Material for the task —

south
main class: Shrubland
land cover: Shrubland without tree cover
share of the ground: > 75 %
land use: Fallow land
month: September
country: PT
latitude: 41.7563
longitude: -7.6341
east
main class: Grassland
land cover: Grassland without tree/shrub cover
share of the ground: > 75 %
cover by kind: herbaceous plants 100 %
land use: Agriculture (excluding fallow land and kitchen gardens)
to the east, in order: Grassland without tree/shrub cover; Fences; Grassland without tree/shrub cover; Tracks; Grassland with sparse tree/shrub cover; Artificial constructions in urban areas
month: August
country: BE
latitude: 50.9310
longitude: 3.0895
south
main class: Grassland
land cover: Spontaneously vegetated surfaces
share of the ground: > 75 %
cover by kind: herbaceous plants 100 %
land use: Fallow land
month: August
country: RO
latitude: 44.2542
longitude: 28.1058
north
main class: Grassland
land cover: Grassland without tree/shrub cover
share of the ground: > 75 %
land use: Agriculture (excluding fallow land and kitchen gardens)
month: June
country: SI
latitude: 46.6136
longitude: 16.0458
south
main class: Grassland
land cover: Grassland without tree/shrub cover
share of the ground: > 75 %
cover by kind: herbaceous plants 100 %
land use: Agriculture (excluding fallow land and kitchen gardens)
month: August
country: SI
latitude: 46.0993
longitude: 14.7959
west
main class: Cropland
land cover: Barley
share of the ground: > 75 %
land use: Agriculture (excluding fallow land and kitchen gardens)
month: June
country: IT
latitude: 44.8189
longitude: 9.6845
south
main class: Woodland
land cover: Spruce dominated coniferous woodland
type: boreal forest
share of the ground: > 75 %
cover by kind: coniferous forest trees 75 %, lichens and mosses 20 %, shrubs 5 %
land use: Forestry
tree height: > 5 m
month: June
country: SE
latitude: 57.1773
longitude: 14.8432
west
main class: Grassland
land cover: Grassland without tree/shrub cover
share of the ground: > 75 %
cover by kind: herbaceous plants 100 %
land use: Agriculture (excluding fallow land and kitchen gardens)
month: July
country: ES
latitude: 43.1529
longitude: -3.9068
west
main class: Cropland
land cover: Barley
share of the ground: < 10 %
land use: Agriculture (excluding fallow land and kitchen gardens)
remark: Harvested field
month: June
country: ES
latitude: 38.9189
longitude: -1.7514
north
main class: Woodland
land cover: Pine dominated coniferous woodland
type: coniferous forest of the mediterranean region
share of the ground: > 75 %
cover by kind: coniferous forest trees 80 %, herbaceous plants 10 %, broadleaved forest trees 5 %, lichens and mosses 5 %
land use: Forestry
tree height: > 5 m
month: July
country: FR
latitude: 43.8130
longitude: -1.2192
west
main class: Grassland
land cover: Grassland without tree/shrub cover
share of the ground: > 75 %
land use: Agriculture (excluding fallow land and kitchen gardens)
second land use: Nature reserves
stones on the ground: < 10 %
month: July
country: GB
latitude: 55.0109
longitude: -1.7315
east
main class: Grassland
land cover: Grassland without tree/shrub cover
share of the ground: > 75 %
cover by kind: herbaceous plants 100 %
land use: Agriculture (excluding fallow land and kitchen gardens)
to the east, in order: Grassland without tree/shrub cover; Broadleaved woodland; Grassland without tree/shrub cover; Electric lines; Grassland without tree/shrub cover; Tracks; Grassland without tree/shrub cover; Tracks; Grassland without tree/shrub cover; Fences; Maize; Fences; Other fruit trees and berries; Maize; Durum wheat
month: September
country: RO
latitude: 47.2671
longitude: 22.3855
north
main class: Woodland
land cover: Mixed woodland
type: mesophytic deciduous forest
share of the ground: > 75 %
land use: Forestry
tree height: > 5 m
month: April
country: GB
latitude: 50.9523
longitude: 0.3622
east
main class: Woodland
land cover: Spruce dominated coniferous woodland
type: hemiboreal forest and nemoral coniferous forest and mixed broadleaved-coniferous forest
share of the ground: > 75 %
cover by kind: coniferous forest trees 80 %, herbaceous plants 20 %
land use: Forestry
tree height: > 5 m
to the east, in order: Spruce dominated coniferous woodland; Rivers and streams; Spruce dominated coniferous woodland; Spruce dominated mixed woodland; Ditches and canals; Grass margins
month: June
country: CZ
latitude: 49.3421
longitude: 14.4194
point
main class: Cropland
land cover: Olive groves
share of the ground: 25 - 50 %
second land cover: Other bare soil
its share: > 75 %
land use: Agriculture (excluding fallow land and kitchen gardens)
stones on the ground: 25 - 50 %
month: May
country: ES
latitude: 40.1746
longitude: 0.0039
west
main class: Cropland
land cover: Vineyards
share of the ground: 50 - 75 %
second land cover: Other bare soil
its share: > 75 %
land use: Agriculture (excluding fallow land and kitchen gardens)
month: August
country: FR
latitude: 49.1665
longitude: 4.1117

Exercise — Copy the material above so that it matches line for line.

Written answer —
south
main class: Shrubland
land cover: Shrubland without tree cover
share of the ground: > 75 %
land use: Fallow land
month: September
country: PT
latitude: 41.7563
longitude: -7.6341
east
main class: Grassland
land cover: Grassland without tree/shrub cover
share of the ground: > 75 %
cover by kind: herbaceous plants 100 %
land use: Agriculture (excluding fallow land and kitchen gardens)
to the east, in order: Grassland without tree/shrub cover; Fences; Grassland without tree/shrub cover; Tracks; Grassland with sparse tree/shrub cover; Artificial constructions in urban areas
month: August
country: BE
latitude: 50.9310
longitude: 3.0895
south
main class: Grassland
land cover: Spontaneously vegetated surfaces
share of the ground: > 75 %
cover by kind: herbaceous plants 100 %
land use: Fallow land
month: August
country: RO
latitude: 44.2542
longitude: 28.1058
north
main class: Grassland
land cover: Grassland without tree/shrub cover
share of the ground: > 75 %
land use: Agriculture (excluding fallow land and kitchen gardens)
month: June
country: SI
latitude: 46.6136
longitude: 16.0458
south
main class: Grassland
land cover: Grassland without tree/shrub cover
share of the ground: > 75 %
cover by kind: herbaceous plants 100 %
land use: Agriculture (excluding fallow land and kitchen gardens)
month: August
country: SI
latitude: 46.0993
longitude: 14.7959
west
main class: Cropland
land cover: Barley
share of the ground: > 75 %
land use: Agriculture (excluding fallow land and kitchen gardens)
month: June
country: IT
latitude: 44.8189
longitude: 9.6845
south
main class: Woodland
land cover: Spruce dominated coniferous woodland
type: boreal forest
share of the ground: > 75 %
cover by kind: coniferous forest trees 75 %, lichens and mosses 20 %, shrubs 5 %
land use: Forestry
tree height: > 5 m
month: June
country: SE
latitude: 57.1773
longitude: 14.8432
west
main class: Grassland
land cover: Grassland without tree/shrub cover
share of the ground: > 75 %
cover by kind: herbaceous plants 100 %
land use: Agriculture (excluding fallow land and kitchen gardens)
month: July
country: ES
latitude: 43.1529
longitude: -3.9068
west
main class: Cropland
land cover: Barley
share of the ground: < 10 %
land use: Agriculture (excluding fallow land and kitchen gardens)
remark: Harvested field
month: June
country: ES
latitude: 38.9189
longitude: -1.7514
north
main class: Woodland
land cover: Pine dominated coniferous woodland
type: coniferous forest of the mediterranean region
share of the ground: > 75 %
cover by kind: coniferous forest trees 80 %, herbaceous plants 10 %, broadleaved forest trees 5 %, lichens and mosses 5 %
land use: Forestry
tree height: > 5 m
month: July
country: FR
latitude: 43.8130
longitude: -1.2192
west
main class: Grassland
land cover: Grassland without tree/shrub cover
share of the ground: > 75 %
land use: Agriculture (excluding fallow land and kitchen gardens)
second land use: Nature reserves
stones on the ground: < 10 %
month: July
country: GB
latitude: 55.0109
longitude: -1.7315
east
main class: Grassland
land cover: Grassland without tree/shrub cover
share of the ground: > 75 %
cover by kind: herbaceous plants 100 %
land use: Agriculture (excluding fallow land and kitchen gardens)
to the east, in order: Grassland without tree/shrub cover; Broadleaved woodland; Grassland without tree/shrub cover; Electric lines; Grassland without tree/shrub cover; Tracks; Grassland without tree/shrub cover; Tracks; Grassland without tree/shrub cover; Fences; Maize; Fences; Other fruit trees and berries; Maize; Durum wheat
month: September
country: RO
latitude: 47.2671
longitude: 22.3855
north
main class: Woodland
land cover: Mixed woodland
type: mesophytic deciduous forest
share of the ground: > 75 %
land use: Forestry
tree height: > 5 m
month: April
country: GB
latitude: 50.9523
longitude: 0.3622
east
main class: Woodland
land cover: Spruce dominated coniferous woodland
type: hemiboreal forest and nemoral coniferous forest and mixed broadleaved-coniferous forest
share of the ground: > 75 %
cover by kind: coniferous forest trees 80 %, herbaceous plants 20 %
land use: Forestry
tree height: > 5 m
to the east, in order: Spruce dominated coniferous woodland; Rivers and streams; Spruce dominated coniferous woodland; Spruce dominated mixed woodland; Ditches and canals; Grass margins
month: June
country: CZ
latitude: 49.3421
longitude: 14.4194
point
main class: Cropland
land cover: Olive groves
share of the ground: 25 - 50 %
second land cover: Other bare soil
its share: > 75 %
land use: Agriculture (excluding fallow land and kitchen gardens)
stones on the ground: 25 - 50 %
month: May
country: ES
latitude: 40.1746
longitude: 0.0039
west
main class: Cropland
land cover: Vineyards
share of the ground: 50 - 75 %
second land cover: Other bare soil
its share: > 75 %
land use: Agriculture (excluding fallow land and kitchen gardens)
month: August
country: FR
latitude: 49.1665
longitude: 4.1117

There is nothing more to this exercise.